Hello everyone!
Titus is almost a full month into kindergarten and is doing wonderfully! He is enjoying school and comes home with great reports each day. A year and a half ago I couldn’t imagine him being able to attend school. The day he was diagnosed with leukemia the doc told us that he should be able to attend school once the time came, I am so glad that he is able to! We sent home a letter to his classmates/parents informing them of his diagnosis and requesting that we be informed if their child becomes sick with a serious illness. So far Titus has been healthy, besides a little runny nose. Keep praying as we start to enter into the fall and winter months please! Because of his treatment, we didn’t spend time “getting him ready” for school, our focus was on his treatment. Because of this, I was worried as he entered school that he would be “behind”, I don’t know why I was so worried! This little guy is blowing us away!

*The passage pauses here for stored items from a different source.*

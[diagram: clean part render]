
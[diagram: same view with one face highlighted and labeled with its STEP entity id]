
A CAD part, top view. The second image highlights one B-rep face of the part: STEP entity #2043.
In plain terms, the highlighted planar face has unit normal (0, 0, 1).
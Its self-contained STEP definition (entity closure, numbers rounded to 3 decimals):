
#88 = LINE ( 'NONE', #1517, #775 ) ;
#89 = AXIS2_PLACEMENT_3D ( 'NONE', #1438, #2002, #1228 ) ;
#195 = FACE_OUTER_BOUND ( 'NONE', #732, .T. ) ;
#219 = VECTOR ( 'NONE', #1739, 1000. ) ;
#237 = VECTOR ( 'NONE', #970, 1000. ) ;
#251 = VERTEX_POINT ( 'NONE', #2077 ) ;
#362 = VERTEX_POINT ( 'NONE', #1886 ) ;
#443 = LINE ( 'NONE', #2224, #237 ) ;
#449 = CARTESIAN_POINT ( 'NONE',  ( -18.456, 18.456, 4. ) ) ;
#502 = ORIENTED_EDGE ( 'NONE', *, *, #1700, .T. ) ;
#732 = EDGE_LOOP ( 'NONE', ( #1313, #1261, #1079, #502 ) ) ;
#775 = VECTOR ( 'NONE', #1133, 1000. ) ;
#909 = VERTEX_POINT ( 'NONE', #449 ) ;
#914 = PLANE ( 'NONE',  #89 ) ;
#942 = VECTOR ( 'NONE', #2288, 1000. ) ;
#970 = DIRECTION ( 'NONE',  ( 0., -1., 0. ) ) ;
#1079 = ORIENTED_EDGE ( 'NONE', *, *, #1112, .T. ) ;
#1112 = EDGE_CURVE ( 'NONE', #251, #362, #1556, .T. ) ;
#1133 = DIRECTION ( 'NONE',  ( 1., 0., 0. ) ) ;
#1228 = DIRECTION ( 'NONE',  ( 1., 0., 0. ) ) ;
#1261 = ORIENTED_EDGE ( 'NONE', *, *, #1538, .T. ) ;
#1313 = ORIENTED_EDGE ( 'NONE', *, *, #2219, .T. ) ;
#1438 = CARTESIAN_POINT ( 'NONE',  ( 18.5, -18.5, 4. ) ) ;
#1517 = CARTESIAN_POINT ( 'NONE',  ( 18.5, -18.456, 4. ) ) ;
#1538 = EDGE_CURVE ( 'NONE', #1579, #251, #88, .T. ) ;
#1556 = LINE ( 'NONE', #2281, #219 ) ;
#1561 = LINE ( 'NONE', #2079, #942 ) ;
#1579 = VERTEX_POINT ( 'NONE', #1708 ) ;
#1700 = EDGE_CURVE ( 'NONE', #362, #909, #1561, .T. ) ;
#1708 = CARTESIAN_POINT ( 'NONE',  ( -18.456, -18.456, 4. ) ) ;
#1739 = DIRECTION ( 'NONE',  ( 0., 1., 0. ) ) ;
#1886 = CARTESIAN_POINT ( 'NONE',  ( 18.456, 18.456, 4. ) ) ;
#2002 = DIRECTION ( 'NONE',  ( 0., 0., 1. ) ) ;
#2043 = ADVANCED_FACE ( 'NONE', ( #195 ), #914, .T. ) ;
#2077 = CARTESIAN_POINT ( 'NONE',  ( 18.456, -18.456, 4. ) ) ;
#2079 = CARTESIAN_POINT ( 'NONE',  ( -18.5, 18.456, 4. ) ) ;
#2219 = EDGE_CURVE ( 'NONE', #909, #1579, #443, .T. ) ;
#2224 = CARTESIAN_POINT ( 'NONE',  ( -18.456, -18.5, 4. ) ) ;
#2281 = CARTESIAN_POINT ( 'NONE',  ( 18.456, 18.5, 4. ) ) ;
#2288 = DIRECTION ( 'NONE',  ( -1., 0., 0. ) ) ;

So, I am sure everyone has seen somewhere that September is Pediatric Cancer Awareness month. In the 1950s, almost all kids diagnosed with cancer died. Because of research, today about 85% of kids with the most common type of cancer will live. But for many other types, progress has been limited, and for some kids there is still little hope for a cure. This is why we must continue to find new ways to treat cancer in kids. We have formed a small team and will be walking in the Light the Night walk with the Leukemia and Lymphoma Society September 20th. Here is a link if you would like to join us, or donate to our team! Our goal is $100.00. http://pages.lightthenight.org/mid/KSCity13/TitusBeatsALL#home - Check it out!
As many of you are aware, Titus is in remission. However, here is something you may not know. His oncologist described Titus’ remission as this… When Titus was diagnosed, he had billions of leukemia cells throughout his body. After his first month of treatment, his bone marrow showed .001% leukemia cells = meaning remission, however it also meant that he still had millions of leukemia cells throughout his body. The length of treatment is over 3 years, this is to ensure that all those cells are eliminated, and to keep his bone marrow suppressed enough to hopefully not produce anymore leukemia cells. He is taking multiple chemotherapy meds still, at home, by IV, and through lumbar puncture as well. This is all done in hopes that we will get all those bad cells. His immune system is suppressed through the meds he is taking, so while he is now free to attend school, and be a kid, we still have to be very careful with what he is exposed to. His immune system is 1/4 to 1/3 of what a “normal” child’s immune system should be. While we would like to keep him in a bubble…he needs to be free to be a kid! He was in a bubble long enough, and I hope and pray he doesn’t end up back in one! There is a chance that at some point his counts may bottom out while he is in maintenance just from the continuous chemo that he gets. We will cross that bridge if we come to it (if, not when).
I want to give a huge thank you to everyone who has been supportive during this journey. Whether it was your time and energy, monetary support, or prayers, we are forever grateful for you!